A compartmental model for vector transmitted diseases: an application to Xylella fastidiosa

In 2016 the presence of the bacterium Xylella fastidiosa was detected in Majorcan almond trees
and was regarded as the causal pathogen agent of the mortality of these trees over the last fifteen
years. Xylella fastidiosa, being endemic of the Americas, is an insect-transmitted bacterium which
is considered one of the major threats to plants worldwide for its large number of hosts, strains
and potential vectors. By 2017 the reported incidence of the bacterium over Majorcan almond
trees was 79.5% ± 2.0, presenting a great danger to one of the historical crops of the Balearic
Islands. then, the aim of this project is to develop a first step on the study of this epidemic by
means of a deterministic compartmental (mean-field) model. In particular, we present a model
for the vector assisted transmission of the pathogen, performing an analytical and computational
analysis.

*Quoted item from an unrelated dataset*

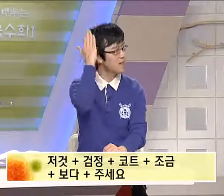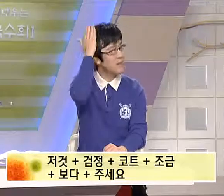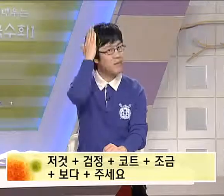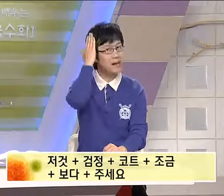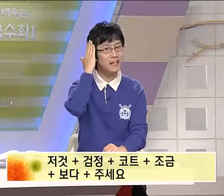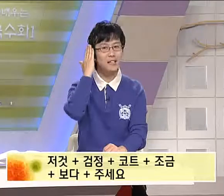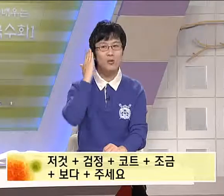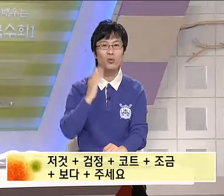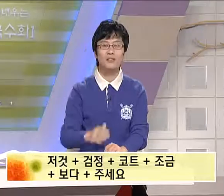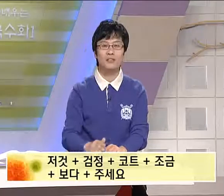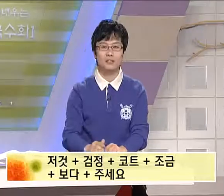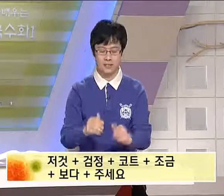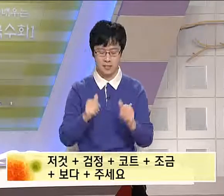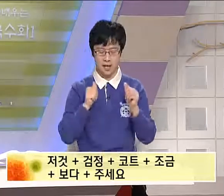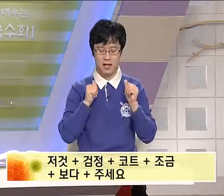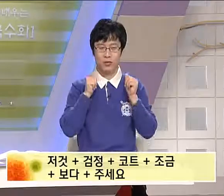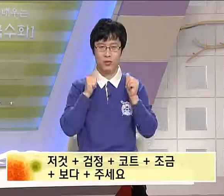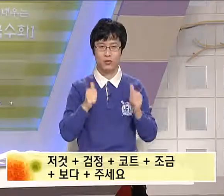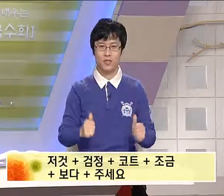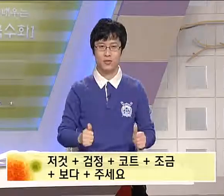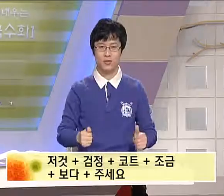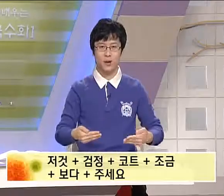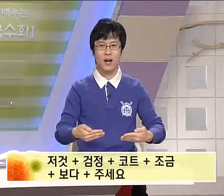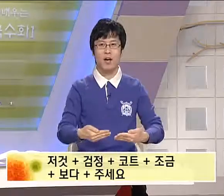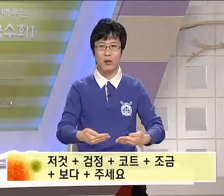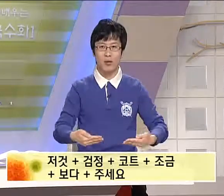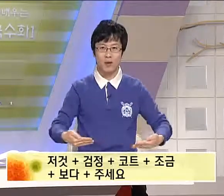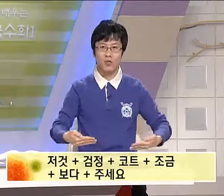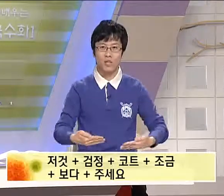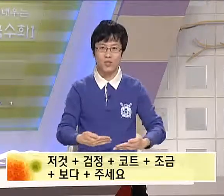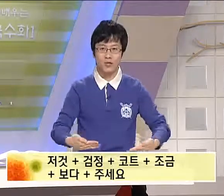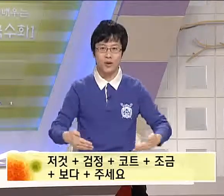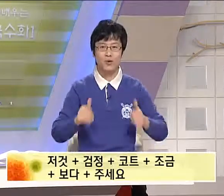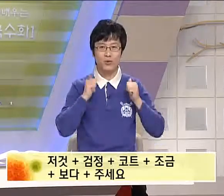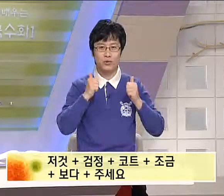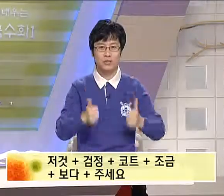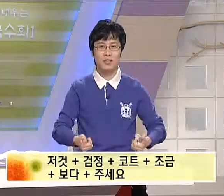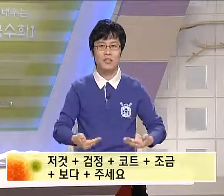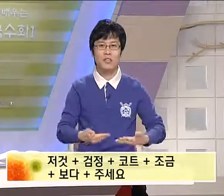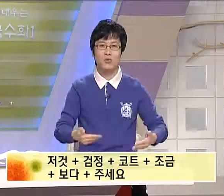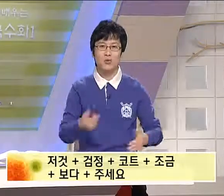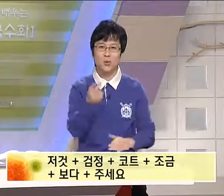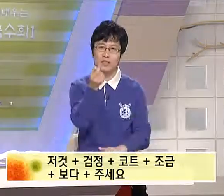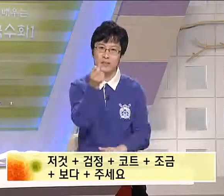까만 코트. 자, 코트라는 수화 배워 알고 계시고요. 코트를 조금
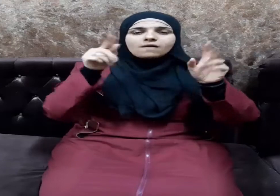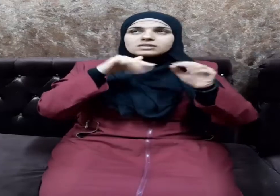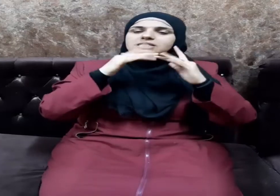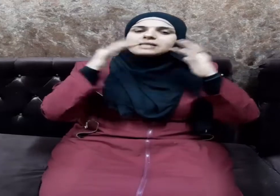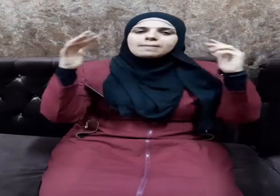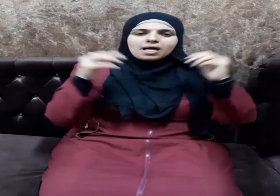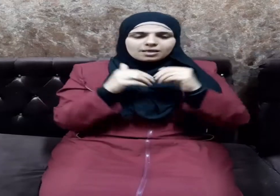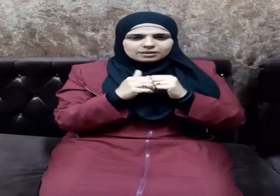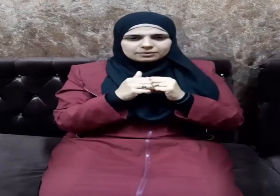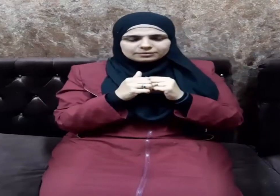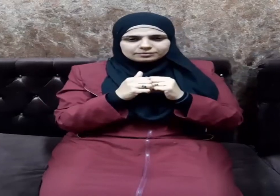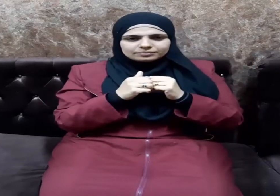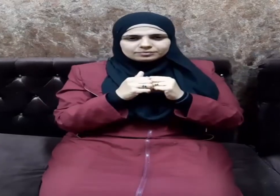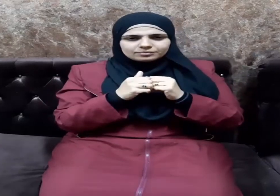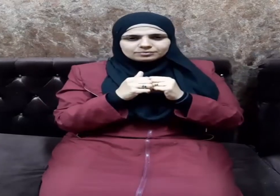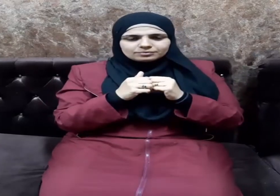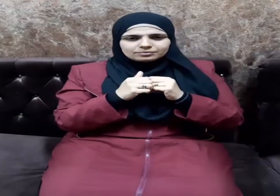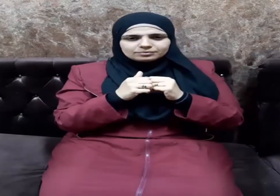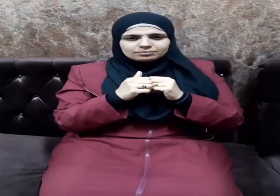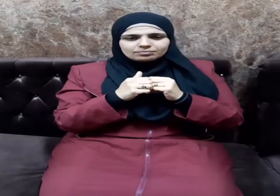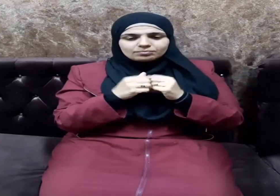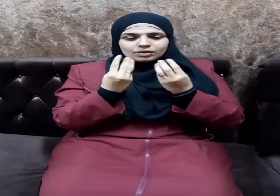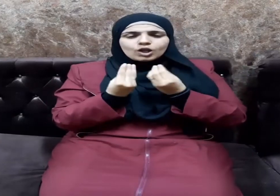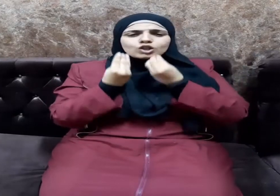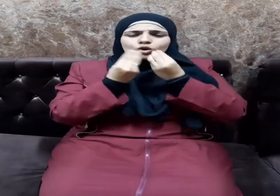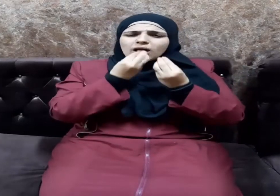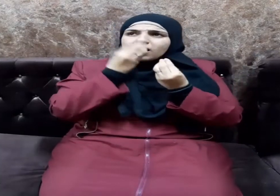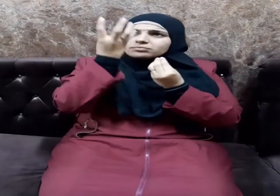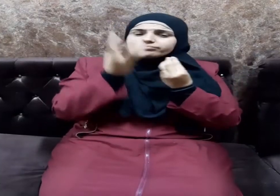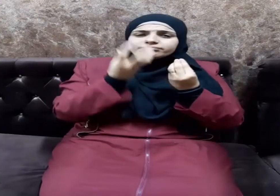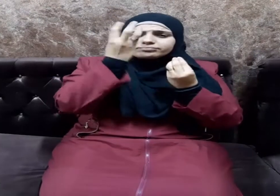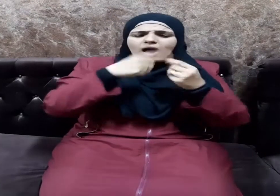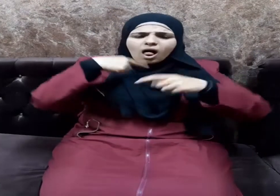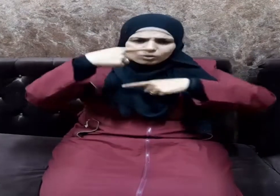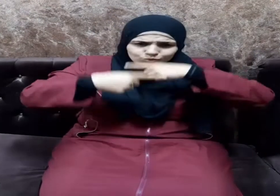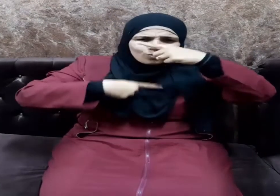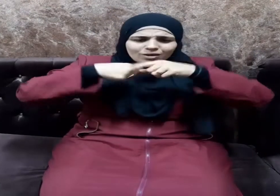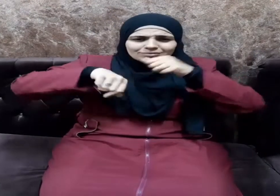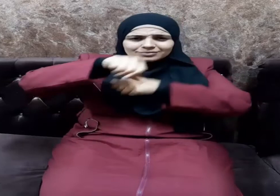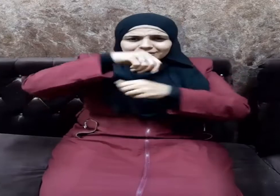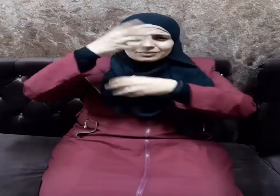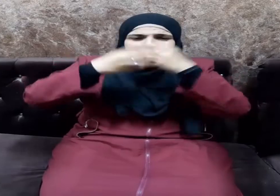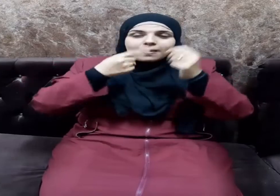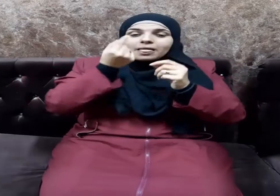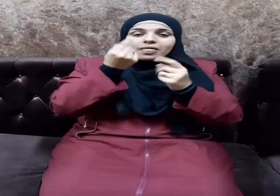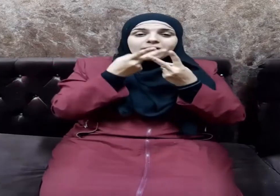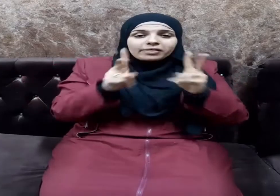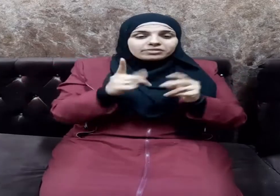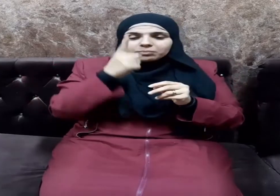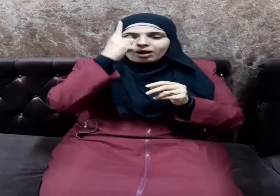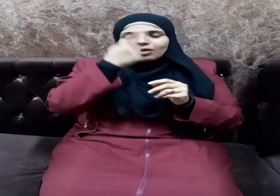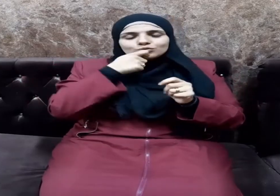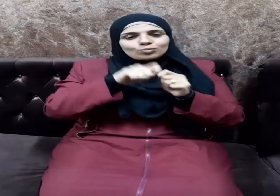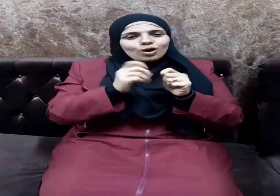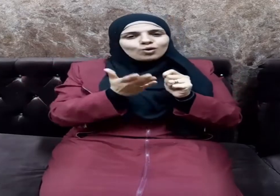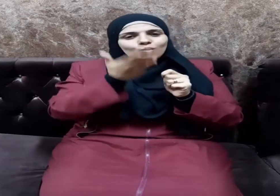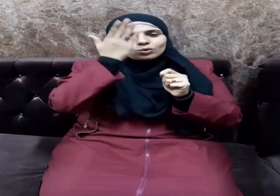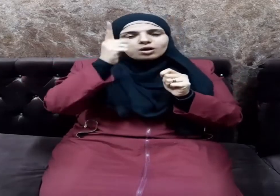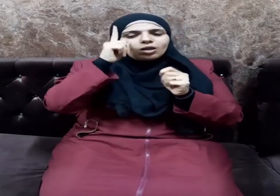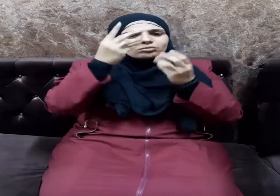في السماء تؤتي أكلها كل حين بإذن ربها ويضرب الله
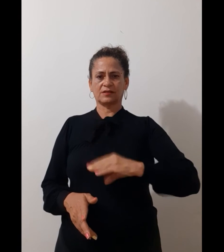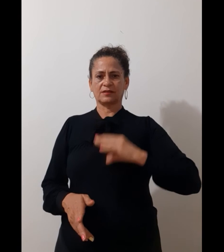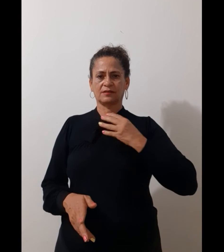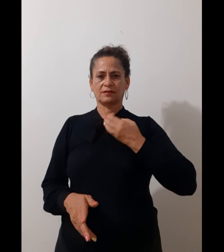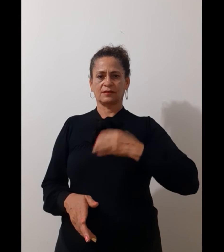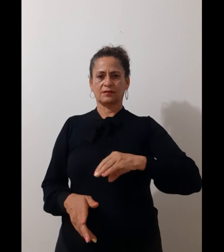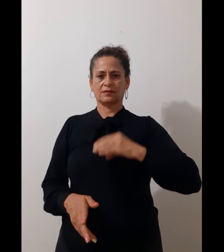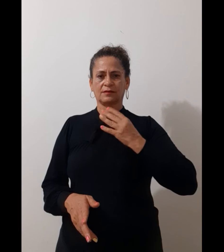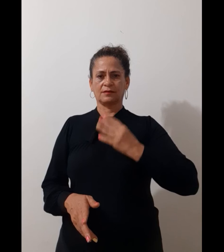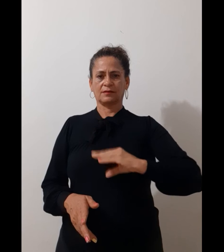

The model incorporates the specific biological and epidemiological considerations of the
bacterium Xylella fastidiosa and its interactions with insects and hosts in Majorca Island. In our
work the vector (insect) population varies with time, mimicking the field observations. One of the
conclusions is that, in general, this temporal variation hinders the theoretical characterization of
epidemic thresholds. We show that only in the case that the vector population is all the time in its
stationary value, the epidemic threshold can be calculated using the standard techniques, and we
numerically characterize the value of this threshold.